> The problem: Which lines of the records contain the word "Question"? Copy each one.

(Collection entries)
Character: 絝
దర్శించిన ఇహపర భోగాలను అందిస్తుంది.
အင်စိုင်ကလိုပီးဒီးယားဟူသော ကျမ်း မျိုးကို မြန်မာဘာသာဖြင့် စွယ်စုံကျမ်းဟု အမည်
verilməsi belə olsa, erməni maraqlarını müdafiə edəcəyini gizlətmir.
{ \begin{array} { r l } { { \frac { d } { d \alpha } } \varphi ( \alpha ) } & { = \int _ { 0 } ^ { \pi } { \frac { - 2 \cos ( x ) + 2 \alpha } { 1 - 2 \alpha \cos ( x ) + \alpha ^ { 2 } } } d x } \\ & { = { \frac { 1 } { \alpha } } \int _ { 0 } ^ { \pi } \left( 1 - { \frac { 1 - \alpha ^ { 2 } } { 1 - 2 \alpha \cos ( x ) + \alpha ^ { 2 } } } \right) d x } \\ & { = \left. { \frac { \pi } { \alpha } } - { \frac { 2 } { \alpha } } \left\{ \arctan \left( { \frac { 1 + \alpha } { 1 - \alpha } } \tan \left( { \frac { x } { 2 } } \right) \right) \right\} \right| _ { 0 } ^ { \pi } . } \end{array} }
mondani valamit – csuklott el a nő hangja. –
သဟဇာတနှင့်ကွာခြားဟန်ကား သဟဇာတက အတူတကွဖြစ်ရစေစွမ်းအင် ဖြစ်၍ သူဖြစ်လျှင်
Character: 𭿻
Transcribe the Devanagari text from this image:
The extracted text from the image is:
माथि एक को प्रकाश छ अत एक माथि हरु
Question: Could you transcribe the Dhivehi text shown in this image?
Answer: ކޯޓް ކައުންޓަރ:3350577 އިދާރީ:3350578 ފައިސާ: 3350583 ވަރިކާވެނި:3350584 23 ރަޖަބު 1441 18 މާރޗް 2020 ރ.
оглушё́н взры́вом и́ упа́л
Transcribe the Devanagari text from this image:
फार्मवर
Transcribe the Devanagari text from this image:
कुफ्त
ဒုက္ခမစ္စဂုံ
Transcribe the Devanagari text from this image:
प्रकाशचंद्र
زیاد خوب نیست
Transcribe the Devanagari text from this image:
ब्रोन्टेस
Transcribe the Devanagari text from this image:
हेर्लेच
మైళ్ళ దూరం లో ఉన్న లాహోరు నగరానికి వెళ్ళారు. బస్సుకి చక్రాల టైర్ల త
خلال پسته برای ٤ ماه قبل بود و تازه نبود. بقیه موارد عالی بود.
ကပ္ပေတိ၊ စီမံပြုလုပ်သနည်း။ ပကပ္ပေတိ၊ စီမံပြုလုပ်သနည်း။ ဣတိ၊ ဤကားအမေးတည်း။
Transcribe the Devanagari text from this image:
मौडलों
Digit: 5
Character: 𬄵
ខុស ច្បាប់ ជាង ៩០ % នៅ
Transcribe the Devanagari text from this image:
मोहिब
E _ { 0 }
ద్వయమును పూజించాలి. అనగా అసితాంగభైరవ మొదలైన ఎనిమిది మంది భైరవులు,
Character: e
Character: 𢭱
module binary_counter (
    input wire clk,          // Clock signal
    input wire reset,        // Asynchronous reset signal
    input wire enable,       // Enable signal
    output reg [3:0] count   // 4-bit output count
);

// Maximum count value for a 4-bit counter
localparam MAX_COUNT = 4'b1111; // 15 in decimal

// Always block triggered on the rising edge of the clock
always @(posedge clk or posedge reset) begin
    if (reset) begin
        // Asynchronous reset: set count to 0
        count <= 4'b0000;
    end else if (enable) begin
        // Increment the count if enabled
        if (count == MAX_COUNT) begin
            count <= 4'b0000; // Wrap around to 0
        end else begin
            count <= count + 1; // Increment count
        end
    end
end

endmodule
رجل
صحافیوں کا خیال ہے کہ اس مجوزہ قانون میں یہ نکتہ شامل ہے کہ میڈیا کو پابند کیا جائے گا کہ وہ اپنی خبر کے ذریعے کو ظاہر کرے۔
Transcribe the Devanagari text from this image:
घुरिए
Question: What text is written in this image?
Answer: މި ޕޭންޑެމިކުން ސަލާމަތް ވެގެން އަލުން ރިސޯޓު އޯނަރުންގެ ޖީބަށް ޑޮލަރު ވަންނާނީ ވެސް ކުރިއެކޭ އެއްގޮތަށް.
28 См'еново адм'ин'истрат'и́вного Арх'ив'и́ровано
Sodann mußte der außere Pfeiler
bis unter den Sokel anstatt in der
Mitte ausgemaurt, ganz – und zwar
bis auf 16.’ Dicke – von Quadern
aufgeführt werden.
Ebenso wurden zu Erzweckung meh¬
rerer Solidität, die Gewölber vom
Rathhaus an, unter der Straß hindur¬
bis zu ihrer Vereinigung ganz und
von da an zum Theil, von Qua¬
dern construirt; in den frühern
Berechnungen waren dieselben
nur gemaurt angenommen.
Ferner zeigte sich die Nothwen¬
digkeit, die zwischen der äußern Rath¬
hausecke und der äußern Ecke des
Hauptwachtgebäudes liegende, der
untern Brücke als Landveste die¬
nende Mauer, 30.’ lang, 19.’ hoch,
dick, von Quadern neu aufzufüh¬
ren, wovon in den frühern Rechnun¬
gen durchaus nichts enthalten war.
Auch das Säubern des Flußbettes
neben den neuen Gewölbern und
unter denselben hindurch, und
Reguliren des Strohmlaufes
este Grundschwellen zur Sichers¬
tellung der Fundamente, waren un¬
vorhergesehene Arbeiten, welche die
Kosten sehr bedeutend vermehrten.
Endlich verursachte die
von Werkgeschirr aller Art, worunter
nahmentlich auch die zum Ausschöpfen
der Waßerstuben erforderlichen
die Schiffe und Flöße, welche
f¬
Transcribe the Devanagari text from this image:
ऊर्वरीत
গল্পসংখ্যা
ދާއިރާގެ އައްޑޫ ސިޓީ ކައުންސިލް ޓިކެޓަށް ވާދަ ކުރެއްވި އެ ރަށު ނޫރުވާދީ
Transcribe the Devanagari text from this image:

> Task answer:
Question: Could you transcribe the Dhivehi text shown in this image?
Question: What text is written in this image?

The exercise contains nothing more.